Create a 1000-by-1000 codistributed uint16
identity matrix, distributed by its columns. Use a codistributor1d object
to define the distribution scheme.
spmd(4) codist = codistributor1d(2,100*[1:spmdSize]); C = eye(1000,1000,"uint16",codist) end
Worker 1:
This worker stores C(:,1:100).
LocalPart: [1000x100 uint16]
Codistributor: [1x1 codistributor1d]
Worker 2:
This worker stores C(:,101:300).
LocalPart: [1000x200 uint16]
Codistributor: [1x1 codistributor1d]
Worker 3:
This worker stores C(:,301:600).
LocalPart: [1000x300 uint16]
Codistributor: [1x1 codistributor1d]
Worker 4:
This worker stores C(:,601:1000).
LocalPart: [1000x400 uint16]
Codistributor: [1x1 codistributor1d]Each worker contains a 1000-by-100*spmdIndex local piece of
C.
You can also get the same codistributed array specifying the size vector.
spmd(4) C = eye([1000 1000],"uint16",codist); end
First, create a codistributed array.
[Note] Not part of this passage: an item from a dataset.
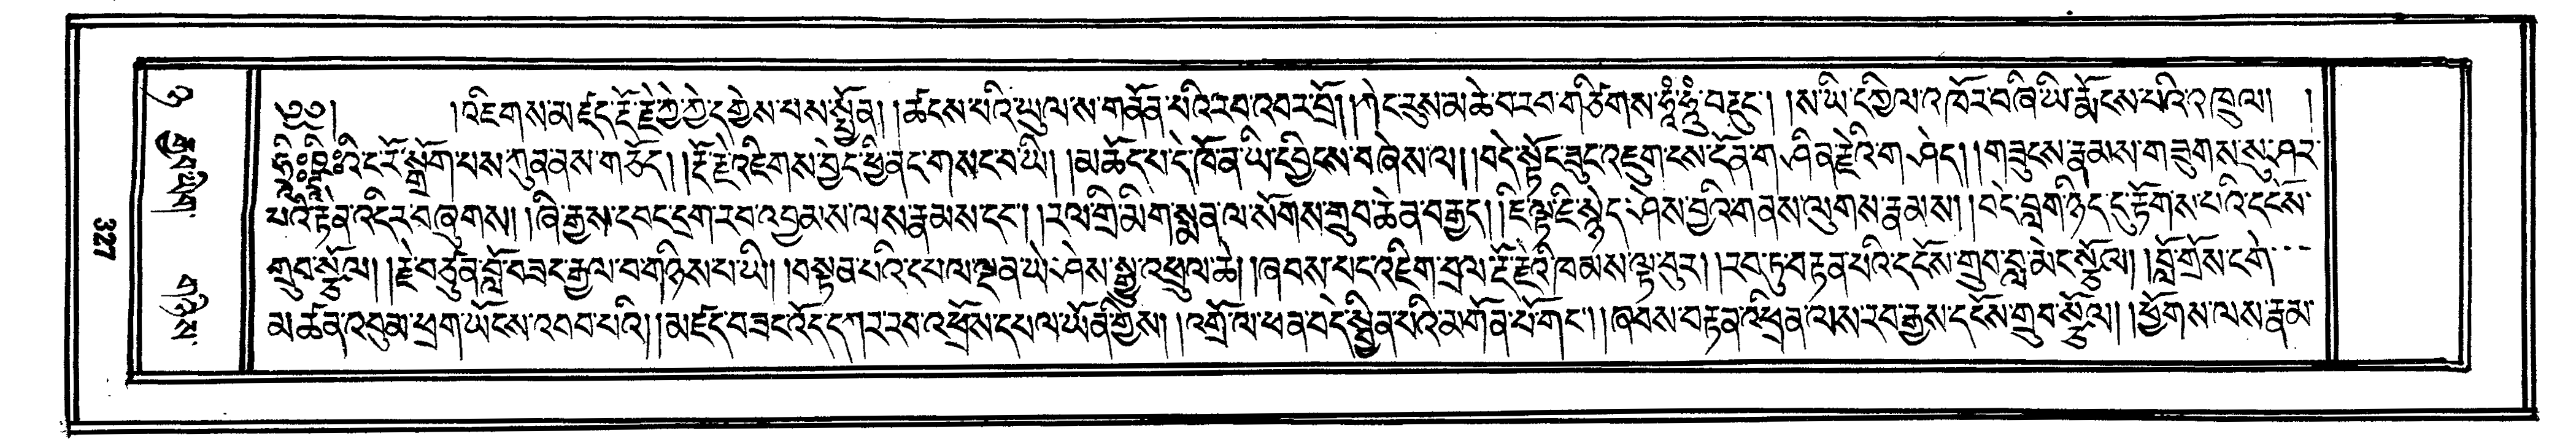༄༅། །འཇིགས་མཛད་རྡོ་རྗེ་ཀྱེ་ཀྱེ་དགྱེས་པས་སྦྱོན། །ཚངས་པའི་ཡུལ་ས་གནོན་པའི་རབ་འབར་བྲོ། །ཀེང་རུས་མཆེ་བ་རབ་གཙིགས་ཧཱུཾ་ཧཱུཾ་བརྡུང་། །ས་ཡི་དཀྱིལ་འཁོར་བཞི་ཡི་རྨོངས་པའི་འཁྲུལ།
ཧྲཱིཿཥྵིཿའི་ང་རོ་སྒྲོག་པས་ཀུན་ནས་གཅོད། །རྡོ་རྗེ་འཇིགས་བྱེད་ཕྱི་ནང་གསང་བ་ཡི། །མཆོད་པ་དེ་ཁོ་ན་ཡི་དབྱིངས་བཞེས་ལ། །བདེ་སྟོང་ཟུང་འཇུག་ངེས་དོན་གཤིན་རྗེའི་གཤེད། །གཟུངས་རྣམས་གཟུགས་སུ་ཤར་
བའི་རྟེན་འདིར་བཞུགས། །ཞི་རྒྱས་དབང་དྲག་རབ་འབྱམས་ལས་རྣམས་དང་། །རལ་གྲི་མིག་སྨན་ལ་སོགས་གྲུབ་ཆེན་བརྒྱད། །ཇི་ལྟ་ཇི་སྙེད་ཤེས་བྱའི་གནས་ལུགས་རྣམས། །བདེ་བླག་ཉིད་དུ་རྟོགས་པའི་དངོས་
གྲུབ་སྩོལ། །རྗེ་བཙུན་བློ་བཟང་རྒྱལ་བ་གཉིས་པ་ཡི། །བསྟན་པའི་དཔལ་ལྡན་ཡེ་ཤེས་སྒྱུ་འཕྲུལ་ཆེ། །ཞབས་པད་འཇིག་བྲལ་རྡོ་རྗེའི་ཁམས་ལྟ་བུར། །རབ་ཏུ་བརྟན་པའི་དངོས་གྲུབ་བླ་མེད་སྩོལ། །བློ་གྲོས་དགེ་
མཚན་འབུམ་ཕྲག་ཡོངས་འབབ་བའི། །མཛད་བཟང་འོད་དཀར་རབ་འཕྲོས་དཔལ་ཡོན་གྱིས། །འགྲོ་ལ་ཕན་བདེ་སྦྱིན་པའི་མགོན་པོ་གང་། །ཞབས་བརྟན་འཕྲིན་ལས་རབ་རྒྱས་དངོས་གྲུབ་སྩོལ། །ཕྱོགས་ལས་རྣམ་

Specify the underlying data type
as single and use the default distribution scheme.
spmd(4) p = eye(1000,"single","codistributed"); end
Create a new codistributed array that is the same size and data type as
p. Use the 2-D block-cyclic codistributor2dbc
function to define the distribution scheme.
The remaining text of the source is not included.